Una folla di fedeli si è radunata presso la Cattedrale della Diocesi di Oppido Mamertina – Palmi, nella serata di ieri, per assistere alla celebrazione della Cerimonia Mariana in occasione della consegna della statua della Madonna di Fatima e dell’anniversario dell’Ordinazione Episcopale di S.E. Mons. Francesco Milito. Una cerimonia di grande solennità e profondità che ha toccato nel profondo i fedeli ed i devoti Mariani. Una serata toccata in modo particolare dalle ricorrenze. Oltre a quella dell’Ordinazione Episcopale di Mons. Milito, infatti, la giornata di ieri rappresentava anche la ricorrenza centenaria delle apparizioni dell’Angelo ai tre pastorelli di Fatima, in preparazione alle visite della Vergine Maria. Particolarmente toccante il momento che ha seguito la recita del Magnificat. Il momento della lettura, da parte di alcuni giovanissimi, di alcuni brani tratti dalle Memorie di Suor Lucia.

Durante la sua omelia, Mons. Milito ha dunque ripercorso i passaggi di queste apparizioni «I Tre pastorelli giocano, badano al gregge. Ma, lentamente, cominciano ad avvertire qualcosa nel loro profondo. Tutto ciò culmina con l’apparizione di questa figura che Lucia riconosce come l’Angelo e che lì introdurrà progressivamente a quella che sarà la straordinaria apparizione della Madonna». Sarà proprio colui che si presenterà come l’Angelo della Pace ad introdurre i tre pastorelli alla preghiera ed al sacrificio. Mons. Milito ha poi spiegato le tre consegne che da quegli avvenimenti giungono fino a noi: «Tre consegne fondamentali e di cui tutti dobbiamo far tesoro: La preghiera, la penitenza e la riparazione». Così come Lucia, Giacinta e Francesco fecero dopo esser stati esortati dall’Angelo, è oggi nostro dovere pregare per coloro i quali sono peccatori e vivono lontani da Cristo. «La preghiera autentica – Spiega Mons.
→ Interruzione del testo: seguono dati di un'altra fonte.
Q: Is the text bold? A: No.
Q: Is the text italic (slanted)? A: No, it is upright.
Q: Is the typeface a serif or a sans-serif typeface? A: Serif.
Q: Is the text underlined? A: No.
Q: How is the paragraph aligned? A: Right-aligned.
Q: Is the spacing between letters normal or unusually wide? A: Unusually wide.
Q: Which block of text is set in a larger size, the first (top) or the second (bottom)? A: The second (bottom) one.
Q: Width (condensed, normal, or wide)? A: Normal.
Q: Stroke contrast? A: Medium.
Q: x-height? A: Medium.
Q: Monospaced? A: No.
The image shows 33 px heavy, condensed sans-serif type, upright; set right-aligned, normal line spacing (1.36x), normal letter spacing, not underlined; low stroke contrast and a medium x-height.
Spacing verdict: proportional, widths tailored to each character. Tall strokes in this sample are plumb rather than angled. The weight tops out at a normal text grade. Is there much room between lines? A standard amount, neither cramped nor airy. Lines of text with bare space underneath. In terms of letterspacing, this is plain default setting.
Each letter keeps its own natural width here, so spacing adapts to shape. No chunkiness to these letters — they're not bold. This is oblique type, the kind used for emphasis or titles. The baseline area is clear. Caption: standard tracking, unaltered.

Milito – va di pari passo con la pratica. Pregate e fate penitenza». Ciascuno di noi ha il dovere di fare penitenza; «Essa – prosegue Mons. Milito – ha diversi volti, è necessario che ognuno trovi la propria dimensione di penitenza, viverla per come si è capaci, con amore e devozione». Infine la riparazione, parte fondamentale delle consegne lasciate ai tre ragazzini di Fatima dall’Angelo della Pace che, secondo quanto riportato nelle memorie di Suor Lucia, disse loro: «Prendete e bevete il Corpo e Sangue di Gesù Cristo, orribilmente oltraggiato dagli uomini ingrati. Riparate i loro crimini e consolate il vostro Dio». Parole riprese anche da Mons. Milito nel corso dell’omelia, durante la quale ha esortato: «Cercate di riparare ciò che è stato guastato da altri. Sopraggiungete dove qualcuno ha guastato».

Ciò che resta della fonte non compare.